水曜日のInstagramと内容がほぼ丸被りですが・・・
今度の定休日のPodcast 「大人の音楽三昧」の収録で、Ravelを取り上げます。生誕150年ですしね。
それで、ここのところずっとRavelを旅しています。
●「ボレロ」の話
・トスカニーニ事件
少し前に触れた「ラヴェル 回想のピアノ」マルグリット・ロン著の中でも触れられていますが、
トスカニーニの指揮したボレロを聴いて、テンポが速すぎるとラヴェルが怒ったという話。
演奏者に大喝采を送った聴衆は、ラヴェルがその場に居たのを見て、ラヴェルにも拍手を送ったけれど座ったまま応えなかったとか。
それで、ネットサーフィンしていたら、トスカニーニが丸切り勝手にやったわけではなさそう・・。
面白い記事がありました。<ラヴェル『ボレロ』のテンポは♩=66>
(トスカニーニがニューヨークでボレロを初演した時に持っていた楽譜のテンボが、♩=76で、その後♩=72、♩=66と、変遷しているらしい)
この記事の中に書かれていましたが、ラヴェル曰く、「自分の考える遅いテンポだと、暗く、不安を感じさせる。トスカニーニの速いテンポだとスペインのダンスになってしまう」とのこと。
「音楽」というと、パッと楽しいもの美しいものを想像してしまうけれど、ラヴェルやストラヴィンスキーが生きたこの時代の空気から、ラヴェルが表現したいものは「ダンス」ではなかったのですね。(遅いテンポだとフィギュアスケートでは踊れなさそう・・・)
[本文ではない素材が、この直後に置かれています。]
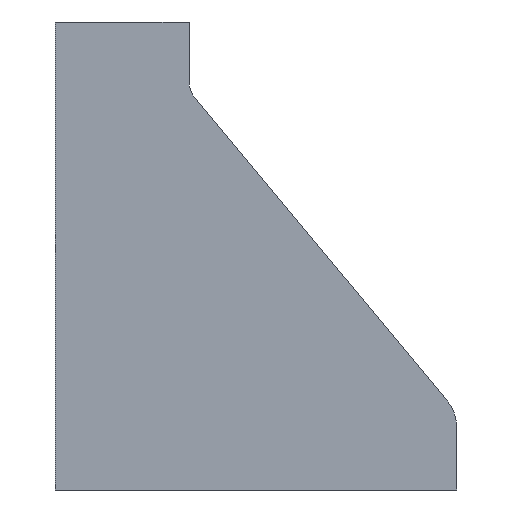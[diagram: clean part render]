
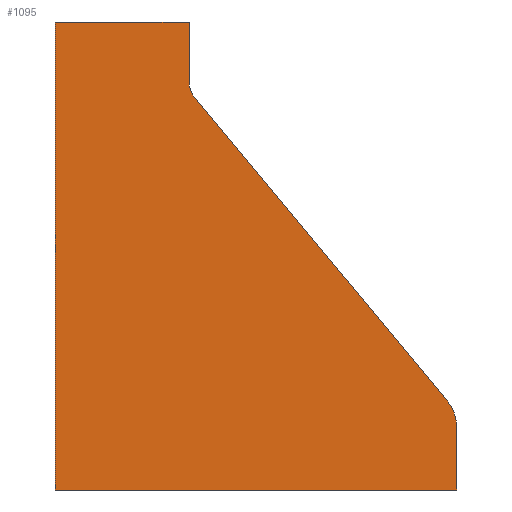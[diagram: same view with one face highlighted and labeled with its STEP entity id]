
A CAD part, front view. The second image highlights one B-rep face of the part: STEP entity #1095.
In plain terms, the highlighted planar face has unit normal (0, -1, 0).
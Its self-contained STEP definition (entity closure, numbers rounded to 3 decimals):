
#15 = EDGE_CURVE ( 'NONE', #671, #873, #536, .T. ) ;
#51 = EDGE_CURVE ( 'NONE', #698, #873, #598, .T. ) ;
#54 = EDGE_CURVE ( 'NONE', #882, #521, #606, .T. ) ;
#63 = EDGE_CURVE ( 'NONE', #882, #869, #622, .T. ) ;
#81 = DIRECTION ( 'NONE',  ( 0., 0., 1. ) ) ;
#82 = DIRECTION ( 'NONE',  ( 0., 1., 0. ) ) ;
#85 = PLANE ( 'NONE',  #800 ) ;
#115 = CARTESIAN_POINT ( 'NONE',  ( -70., 0., -44.501 ) ) ;
#125 = DIRECTION ( 'NONE',  ( 0., 0., 1. ) ) ;
#130 = CARTESIAN_POINT ( 'NONE',  ( -250., 0., -350. ) ) ;
#137 = CARTESIAN_POINT ( 'NONE',  ( -50., 0., 0. ) ) ;
#152 = CARTESIAN_POINT ( 'NONE',  ( 150., 0., 0. ) ) ;
#203 = DIRECTION ( 'NONE',  ( 0., 0., 1. ) ) ;
#204 = CARTESIAN_POINT ( 'NONE',  ( 350., 0., -302.603 ) ) ;
#228 = CARTESIAN_POINT ( 'NONE',  ( 150., 0., -44.501 ) ) ;
#270 = DIRECTION ( 'NONE',  ( 0., 0., 1. ) ) ;
#273 = CARTESIAN_POINT ( 'NONE',  ( 50., 0., 0. ) ) ;
#276 = CARTESIAN_POINT ( 'NONE',  ( 154.636, 0., -57.304 ) ) ;
#277 = CARTESIAN_POINT ( 'NONE',  ( 320., 0., -302.603 ) ) ;
#279 = DIRECTION ( 'NONE',  ( -0.64, 0., 0.768 ) ) ;
#286 = DIRECTION ( 'NONE',  ( 1., 0., 0. ) ) ;
#313 = CARTESIAN_POINT ( 'NONE',  ( 170., 0., -44.501 ) ) ;
#314 = DIRECTION ( 'NONE',  ( 0., 1., 0. ) ) ;
#321 = CARTESIAN_POINT ( 'NONE',  ( 343.047, 0., -283.398 ) ) ;
#322 = CARTESIAN_POINT ( 'NONE',  ( 350., 0., -302.603 ) ) ;
#324 = CARTESIAN_POINT ( 'NONE',  ( 350., 0., -350. ) ) ;
#328 = DIRECTION ( 'NONE',  ( -1., 0., 0. ) ) ;
#351 = CARTESIAN_POINT ( 'NONE',  ( 50., 0., -350. ) ) ;
#360 = CARTESIAN_POINT ( 'NONE',  ( 154.636, 0., -57.304 ) ) ;
#363 = CARTESIAN_POINT ( 'NONE',  ( 50., 0., 0. ) ) ;
#364 = DIRECTION ( 'NONE',  ( 0., -1., 0. ) ) ;
#365 = DIRECTION ( 'NONE',  ( 0., 0., 1. ) ) ;
#384 = CARTESIAN_POINT ( 'NONE',  ( 150., 0., 0. ) ) ;
#398 = DIRECTION ( 'NONE',  ( 0., 0., 1. ) ) ;
#445 = FACE_OUTER_BOUND ( 'NONE', #839, .T. ) ;
#521 = VERTEX_POINT ( 'NONE', #351 ) ;
#536 = LINE ( 'NONE', #384, #542 ) ;
#542 = VECTOR ( 'NONE', #398, 1000. ) ;
#598 = LINE ( 'NONE', #137, #603 ) ;
#603 = VECTOR ( 'NONE', #286, 1000. ) ;
#606 = LINE ( 'NONE', #130, #609 ) ;
#609 = VECTOR ( 'NONE', #328, 1000. ) ;
#622 = LINE ( 'NONE', #204, #625 ) ;
#625 = VECTOR ( 'NONE', #203, 1000. ) ;
#634 = VECTOR ( 'NONE', #279, 1000. ) ;
#636 = CIRCLE ( 'NONE', #718, 30. ) ;
#639 = LINE ( 'NONE', #273, #642 ) ;
#640 = LINE ( 'NONE', #276, #634 ) ;
#642 = VECTOR ( 'NONE', #270, 1000. ) ;
#663 = CIRCLE ( 'NONE', #717, 20. ) ;
#671 = VERTEX_POINT ( 'NONE', #228 ) ;
#698 = VERTEX_POINT ( 'NONE', #363 ) ;
#699 = VERTEX_POINT ( 'NONE', #360 ) ;
#717 = AXIS2_PLACEMENT_3D ( 'NONE', #313, #314, #125 ) ;
#718 = AXIS2_PLACEMENT_3D ( 'NONE', #277, #364, #365 ) ;
#719 = EDGE_CURVE ( 'NONE', #869, #867, #636, .T. ) ;
#724 = EDGE_CURVE ( 'NONE', #867, #699, #640, .T. ) ;
#729 = EDGE_CURVE ( 'NONE', #521, #698, #639, .T. ) ;
#781 = EDGE_CURVE ( 'NONE', #699, #671, #663, .T. ) ;
#800 = AXIS2_PLACEMENT_3D ( 'NONE', #115, #82, #81 ) ;
#839 = EDGE_LOOP ( 'NONE', ( #998, #999, #970, #971, #976, #977, #980, #930 ) ) ;
#867 = VERTEX_POINT ( 'NONE', #321 ) ;
#869 = VERTEX_POINT ( 'NONE', #322 ) ;
#873 = VERTEX_POINT ( 'NONE', #152 ) ;
#882 = VERTEX_POINT ( 'NONE', #324 ) ;
#930 = ORIENTED_EDGE ( 'NONE', *, *, #15, .T. ) ;
#970 = ORIENTED_EDGE ( 'NONE', *, *, #54, .F. ) ;
#971 = ORIENTED_EDGE ( 'NONE', *, *, #63, .T. ) ;
#976 = ORIENTED_EDGE ( 'NONE', *, *, #719, .T. ) ;
#977 = ORIENTED_EDGE ( 'NONE', *, *, #724, .T. ) ;
#980 = ORIENTED_EDGE ( 'NONE', *, *, #781, .T. ) ;
#998 = ORIENTED_EDGE ( 'NONE', *, *, #51, .F. ) ;
#999 = ORIENTED_EDGE ( 'NONE', *, *, #729, .F. ) ;
#1095 = ADVANCED_FACE ( 'NONE', ( #445 ), #85, .F. ) ;

チェリビダッケ指揮のボレロを聴いたところ、確かに不穏な空気漂います。その辺から何か得体の知れないものが飛び出してきそうです。
テンポでだいぶ印象が変わります。
・映画「愛と悲しみのボレロ」クロード・ルルーシュ監督
3時間というなっがい映画で、登場人物も多いので何が何だか分からなくなってくるし、見終えるのに苦労でしたが・・・(あらすじを頭に入れてから見たほうがいい映画)
第二次世界大戦前後の、戦争に翻弄されながら生きていく人たちの話で、
ばらばらに進んでいくアメリカ、ロシア、フランス、ドイツの4家族、2世代の話が最後に繋がっていくという、映画としてはとても良く出来た作りなのですが、とにかく長く感じる・・というのはいいとして、
注目すべきは、冒頭と最後。
映画のジャケットにもなっているボレロの踊り、これがアルゼンチンのバレエダンサーのジョルジュ・ドンという人が踊っているのですが、そもそもこの人の代表作がモーリス・ベジャール振り付けの「ボレロ」で、それがこの映画の中で見られるのです。
冒頭と最後が繋がっていて、冒頭、踊りが始まっただけでも只者でないことがわかりますし、最後はかなり贅沢に時間をとっていますが、振り付けも踊りも凄くいい。
これだけでも見る価値あり。(サブスクには無くてTSUTAYAで借りました。が、このGW中、富山の「ほとり座」という劇場でかかっていたらしい!タイムリー)
映画でボレロのバレエが使われていることもありますが、冒頭にアメリカ人作家の言葉が提示され、映画のテーマが見えます。これが音楽のボレロとも重なるということですね。
「人生には2つか3つの物語しかない
しかしそれは何度も繰り返される
その度ごとに初めてのような残酷さで」
・占星術の話
この話は以前書いたことがあるのですが、2020年あたりから土の時代から風の時代に変わりました。
土の時代というのは1800年代から2020年までで、産業革命があったり、資本主義の世の中になって、不動産とか、形あるものを意味した時代。
風の時代は、情報とか繋がりとか自由。ここから200年続くそうです。
2020年あたりから切り替わったとありますが、確かにこの5年、映画や音楽のサブスクリプション化など「モノを持たない」ことが進みました。世の中的にもさまざまなことがこの5年、引いて見ると10年で随分変わっていますよね。
いつの日からが同じテーマをずっとかかり始め、クレッシェンドしていって、ジャン!と終わって時代が完全に変わった!という感じ。
ボレロの話ばかりになり、この辺で一旦切り上げますが、ラヴェルの音楽には他の曲をきいていても「テンポ」「リズム」が重要な気がします。ボレロはその真骨頂のような・・・。
同時代に生きたストラヴィンスキーが、ラヴェルのことを「スイスの時計職人」(※)と言ったそうですが、確かにそれぞれの音楽のテンポとかリズムとかが重要な気がします。
※ ラヴェルのお父さんがスイスの出身で、精緻な書法の音楽だからだとか
ラヴェル、、、時代がそんなに下っていないので、調べると色々出てきて面白いです。